Category Archives: Infrastructure
What the Microsoft CDN study measures
Cheng Huang et.al.’s Microsoft Research and NYU collaboration on a study entitled Measuring and Evaluating Large-Scale CDNs is worth a closer look. This is the first of what I expect will be a series of posts that aims to explain what was studied and what it means.
The study charts the Akamai and Limelight CDNs, and compares their performance. Limelight has publicly responded, based on questions from Dan Rayburn.
I want to begin by talking about what this study does and doesn’t measure.

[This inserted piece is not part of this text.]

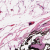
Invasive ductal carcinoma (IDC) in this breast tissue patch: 0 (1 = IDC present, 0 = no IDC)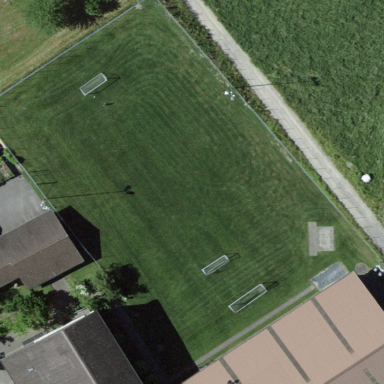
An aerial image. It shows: Soccer pitch for leisureland activities.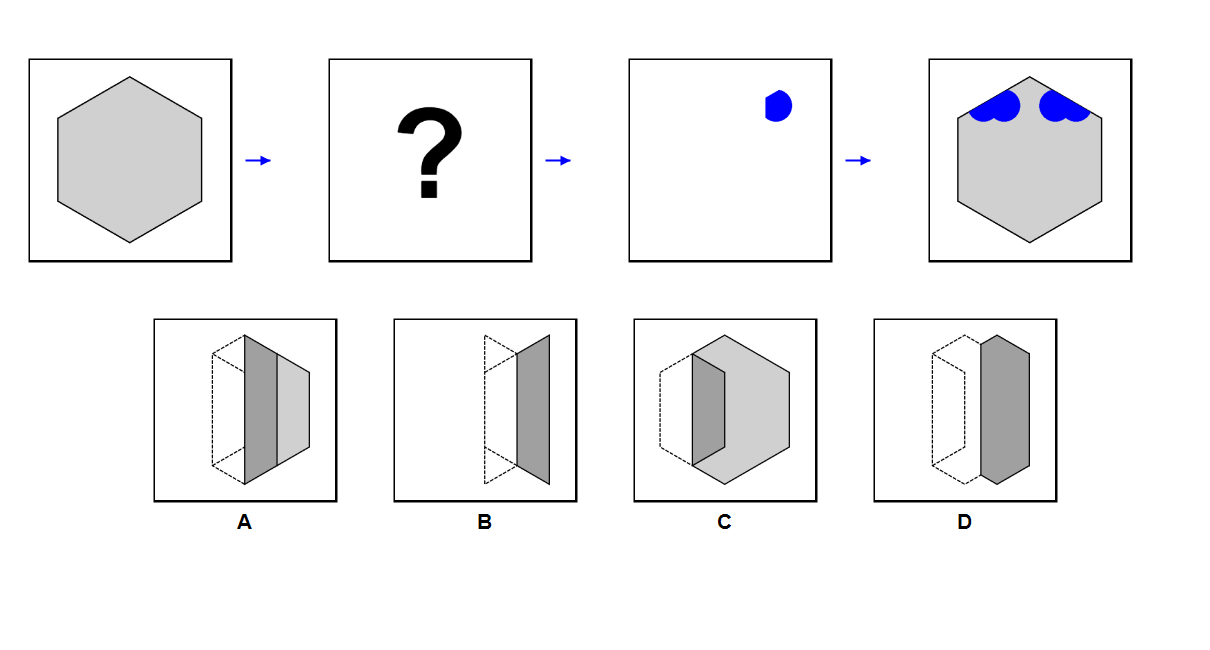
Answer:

The study measures two things: latency to the CDN’s DNS server, and latency to the CDN’s content server. This is latency in the purest network sense — the milliseconds of transit time between the origin measurement point (the “vantage point”) and a particular CDN server. The study uses a modified King methodology, which means the origin measurement points are open recursive DNS servers. In plain English, that means that the origin measurement points are ordinary DNS resolvers — the servers provided by ISPs, universities, and some businesses who have their resolvers outside the firewall. The paper states that 282,700 unique resolvers were used as vantage points.

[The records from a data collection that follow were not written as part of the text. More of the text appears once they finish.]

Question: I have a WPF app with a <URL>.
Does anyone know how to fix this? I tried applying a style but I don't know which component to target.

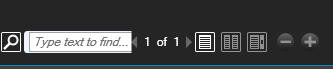
Answer: Wow, Microsoft does not make this easy.
---
# My Process
I tried the easy trick of adding a 'Style TargeType="TextBox"' to 'FlowDocumentReader.Resources', but that doesn't work.
I tried doing things the "right" way and overriding 'FlowDocumentReader''s 'ControlTemplate', but the 'TextBox' in question isn't even part of the 'ControlTemaplte'! Instead, there's a 'Border' named 'PART_FindToolBarHost'. The 'TextBox' we want is added as a child to 'PART_FindToolBarHost' in code- but only the user has clicked the "find" button (the one with the magnifying glass icon). You can see this for yourself by looking at the control's <URL>.
With no more XAML-only ideas, I had to resort to using code. We need to somehow get a reference to the 'TextBox' being created, and I can't think of any better way than to manually search the visual tree for it. This is complicated by the fact that the 'TextBox' only exists once the find command has been executed.
Specifically, the find button in 'FlowDocumentReader' binds to <URL>. I tried adding a 'CommandBinding' for that command to 'FlowDocumentReader' so I could use it as a trigger to retrieve the 'TextBox'. Unfortunately, adding such a 'CommandBinding' somehow breaks the built-in functionality and prevents the 'TextBox' from being generated at all. This breaks even if you set 'e.Handled = False'.
Luckily, though, 'FlowDocumentReader' exposes an <URL> in order to schedule a method to run after the 'TextBox' was actually added.
'OnFindCommand''TextBox', which is actually named 'FindTextBox'.
Now that I can get a reference, we can apply our own 'Style'. Except: 'FindTextBox' already has a 'Style', so unless we want to override it, we're going to have to merge the two 'Style's. There's no publicly-accessible method for this (even though WPF does this internally in places), but luckily I already had some code for this.
---
# The Working Code
First, a 'Module' with the helper methods I used:
'FindVisualChild' is used to loop through the visual tree and get a reference to 'FindTextBox'.
'MergeStyles' is used to combine the existing 'Style' with the 'Style' we supply, once we have that reference.
'''
Module OtherMethods
<Extension()>
Public Function FindVisualChild(obj As DependencyObject, Name As String) As FrameworkElement
For i As Integer = 0 To VisualTreeHelper.GetChildrenCount(obj) - 1
Dim ChildObj As DependencyObject = VisualTreeHelper.GetChild(obj, i)
If TypeOf ChildObj Is FrameworkElement AndAlso DirectCast(ChildObj, FrameworkElement).Name = Name Then Return ChildObj
ChildObj = FindVisualChild(ChildObj, Name)
If ChildObj IsNot Nothing Then Return ChildObj
Next
Return Nothing
End Function
Public Function MergeStyles(ByVal style1 As Style, ByVal style2 As Style) As Style
Dim R As New Style
If style1 Is Nothing Then Throw New ArgumentNullException("style1")
If style2 Is Nothing Then Throw New ArgumentNullException("style2")
If style2.BasedOn IsNot Nothing Then style1 = MergeStyles(style1, style2.BasedOn)
For Each currentSetter As SetterBase In style1.Setters
R.Setters.Add(currentSetter)
Next
For Each currentTrigger As TriggerBase In style1.Triggers
R.Triggers.Add(currentTrigger)
Next
For Each key As Object In style1.Resources.Keys
R.Resources(key) = style1.Resources(key)
Next
For Each currentSetter As SetterBase In style2.Setters
R.Setters.Add(currentSetter)
Next
For Each currentTrigger As TriggerBase In style2.Triggers
R.Triggers.Add(currentTrigger)
Next
For Each key As Object In style2.Resources.Keys
R.Resources(key) = style2.Resources(key)
Next
Return R
End Function
End Module
'''
Then, there's 'StyleableFlowDocumentReader', which is what I named my extended control that inherits 'FlowDocumentReader':
'''
Public Class StyleableFlowDocumentReader
Inherits FlowDocumentReader
Protected Overrides Sub OnFindCommand()
MyBase.OnFindCommand()
Dispatcher.BeginInvoke(Sub() GetFindTextBox(), DispatcherPriority.Render)
End Sub
Private Sub GetFindTextBox()
findTextBox = Me.FindVisualChild("FindTextBox")
ApplyFindTextBoxStyle()
End Sub
Private Sub ApplyFindTextBoxStyle()
If findTextBox IsNot Nothing Then
If findTextBox.Style IsNot Nothing AndAlso FindTextBoxStyle IsNot Nothing Then
findTextBox.Style = MergeStyles(findTextBox.Style, FindTextBoxStyle)
Else
findTextBox.Style = If(FindTextBoxStyle, findTextBox.Style)
End If
End If
End Sub
Private findTextBox As TextBox
Public Property FindTextBoxStyle As Style
Get
Return GetValue(FindTextBoxStyleProperty)
End Get
Set(ByVal value As Style)
SetValue(FindTextBoxStyleProperty, value)
End Set
End Property
Public Shared ReadOnly FindTextBoxStyleProperty As DependencyProperty =
DependencyProperty.Register("FindTextBoxStyle",
GetType(Style), GetType(StyleableFlowDocumentReader),
New PropertyMetadata(Nothing, Sub(d, e) DirectCast(d, StyleableFlowDocumentReader).ApplyFindTextBoxStyle()))
End Class
'''
And then, finally, a usage example:
'''
<local:StyleableFlowDocumentReader x:Name="Reader">
<local:StyleableFlowDocumentReader.FindTextBoxStyle>
<Style TargetType="TextBox">
<Setter Property="Foreground" Value="Blue"/>
</Style>
</local:StyleableFlowDocumentReader.FindTextBoxStyle>
<FlowDocument/>
</local:StyleableFlowDocumentReader>
'''

Open recursive DNS servers (I’m just going to call them “resolvers” for short) are typically at the core of networks, not at the edge. They sit in the data centers of service providers and organizations; in the case of service providers, they may sit at major aggregation points. For instance, I’m a MegaPath DSL customer; the two MegaPath-based resolvers provided to me sit at locations with ping times that average 18 ms and 76 ms away. The issues with this are particularly acute given the study’s resolver discovery methodology — open authoritatives found by a reverse DNS lookup. Among other things, this results in the large diverse networks being significantly under-represented.
So what this study emphatically does not measure is latency to the end user. Instead, think of it as latency to the core of a very broad spectrum of networks, where “the core” means a significant data center or aggregation point, and “networks” mean service provider networks as well as enterprise networks. This is going to be very important when we consider the Akamai/Limelight performance comparison.
Content delivery performance can typically broken down into the “start time” — the amount of time that passes until the first byte of content is delivered to the user — and the “transfer time”, which is how long it takes for the content to actually get delivered.
The first component of the start time is the DNS resolution time. The URL is typically a human-readable name; this has to get turned into an IP address that a computer can understand. This is where CDNs are magic — they take that hostname and they turn it into the IP address of a “good”, “nearby” CDN server to get the content from. This component is what the study is measuring when it’s measuring the CDN DNS servers. The performance of this involves:
- the network latency between the end-user and his resolver
- the network latency between his resolver and the CDN’s DNS server
- the amount of time it takes for the CDN’s DNS server to return a response to the query (the CDN has to figure out which server it wants to serve the content from, which takes some computational cycles to process; in order to cut down computational time, it tends to be a “good enough” server rather than “the optimal” server)
The start time has another component, which is how long it takes for the CDN content server to find the file it’s going to serve, and start spitting it out over the network to the end user. This is a function of server performance and workload, but it’s also a function of whether or not the content is in cache. If it’s not in cache, it’s got to go fetch it from the origin server. Therefore, a cache miss is going to greatly increase the start time. The study doesn’t measure this at all, of course.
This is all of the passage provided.